【第1回】朝の山道 | マイナビブックス

詩、短歌、俳句の新しいカタチを探ります。紙から飛びだした「ことばのかたち」をお楽しみください

草の立つ山

草の立つ山

【第1回】朝の山道

2015.06.13 | なみの亜子

  • mixiチェック
  • このエントリーをはてなブックマークに追加

 五月の朝はのびざかり。犬二頭と散歩に出る時間も、日々たかたかと早まっていく。
 山間集落の中腹のわが家から、山頂やや手前の宮さんへ登る道。標高800mくらいあるだろうか。晴れた日には、向かいの山から大きな峠の天辻峠、奥行きのある修験道の山々までがパノラマで見渡せる。登りの途上に犬と私それぞれのビュー・ポイントがあって、そこにさしかかれば「見晴らししよか」と一同歩を止め、心ゆくまで眺め倒す。雄犬シイはやや頤を引き、眺めるというより眺めからの風や匂い、そのはるかさを飽かず味わうのが渋い。お陽さんは山の影を抜けて昇りつつある。まだ若い光のなかに、ほとんどが空家になってしまった山上の集落が照らし出される。山桜と花桃の季を過ぎて、今頃は呼吸盛んに繁りゆくひたすらな新緑。ところどころに、桐の花。光の加減で色合いを微妙に変える花だ。遠景としての樹と家並みは、何度見ても懐かしい。
 曇った日には、山道を登る身体に雲が重い。刻々と湧いては集まり動めきをやめない雲のなか、眺望は一変する。山水画を歩くさすらいの人と犬の図。なぜだか、足取りがとぼとぼとする。ここらの人が「奥」と呼ぶ洞川方面は、もう降り出しているのだろう。何連もの山の峰が雲に取り囲まれておぼろげだ。こんな日は一歩一歩が億劫になる。雌犬ココが、お気に入りの草をぶちっと口でちぎってはくっちゃらくっちゃら。とりあえず行っとこや、と腹のすわった目線を送ってよこす。
 宮さんへの参道には、鉄の頑丈な柵を開けて入る。山続きの宮さんを抜けて集落に降りてくる猪や鹿、それを避けるのに数年前に設置された。2~3年おきに熊も出る。なんだけど、柵をして以降も、集落に降りてくる獣の数は増える一方だ。朝朝に、猪がみみずや球根を堀った穴、鹿が駆け回って落とした崖土や落石を見る。樹木も草も新芽という新芽はみな食べられている。
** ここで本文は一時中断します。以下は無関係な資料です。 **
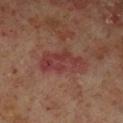workup=catalogued during a skin exam; not biopsied | lighting=cross-polarized | image=~15 mm tile from a whole-body skin photo | location=the left lower leg | size=~6 mm (longest diameter) | patient=male, aged approximately 60.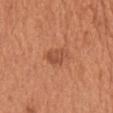The lesion was photographed on a routine skin check and not biopsied; there is no pathology result.
Imaged with white-light lighting.
Measured at roughly 2.5 mm in maximum diameter.
A region of skin cropped from a whole-body photographic capture, roughly 15 mm wide.
A male subject, approximately 65 years of age.
On the chest.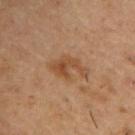  biopsy_status: not biopsied; imaged during a skin examination
  patient:
    sex: male
    age_approx: 55
  site: right upper arm
  lighting: cross-polarized
  image:
    source: total-body photography crop
    field_of_view_mm: 15
  lesion_size:
    long_diameter_mm_approx: 4.5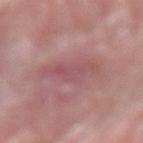Findings:
• notes · total-body-photography surveillance lesion; no biopsy
• acquisition · 15 mm crop, total-body photography
• patient · male, about 75 years old
• lesion size · ≈5.5 mm
• tile lighting · white-light
• body site · the right forearm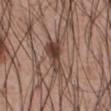Clinical impression: No biopsy was performed on this lesion — it was imaged during a full skin examination and was not determined to be concerning.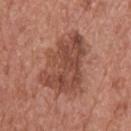follow-up = no biopsy performed (imaged during a skin exam) | lesion diameter = ≈7.5 mm | tile lighting = white-light | subject = male, roughly 70 years of age | acquisition = ~15 mm crop, total-body skin-cancer survey | TBP lesion metrics = a nevus-likeness score of about 15/100 and lesion-presence confidence of about 100/100 | location = the upper back.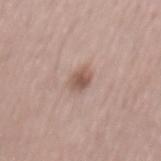{"biopsy_status": "not biopsied; imaged during a skin examination", "automated_metrics": {"cielab_L": 55, "cielab_a": 18, "cielab_b": 24, "vs_skin_darker_L": 11.0, "vs_skin_contrast_norm": 7.5, "color_variation_0_10": 3.0, "peripheral_color_asymmetry": 1.0, "nevus_likeness_0_100": 55, "lesion_detection_confidence_0_100": 100}, "image": {"source": "total-body photography crop", "field_of_view_mm": 15}, "patient": {"sex": "male", "age_approx": 55}, "lighting": "white-light"}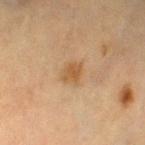notes — catalogued during a skin exam; not biopsied
subject — female, in their mid-50s
lesion size — ~2.5 mm (longest diameter)
imaging modality — total-body-photography crop, ~15 mm field of view
illumination — cross-polarized illumination
body site — the left lower leg

かないっこないやね。犬もただ痕跡を嗅いで回るだけ。昔の村人の手作りの社でばんぱんと手を叩き、お願いごとをいくつか。ときどき社の中や床下、石段の間をムササビや狐、狸、いたちが動く。犬が吠えてやがて鎮まる。遠くから、チェーンソーのうなる音が聞こえてくる。帰ろ。朝飯の時間や。
 宮さんへの朝の散歩も、十年近く続いているだろうか。ここにきて急速にお願いごとが増えてきた。宮さん、知らんわい、言うてるやろね。高くなった陽が向かいの山の集落をあっためる。下りの山道には、一日をはたらき始めた集落の弾みが伝わってくる。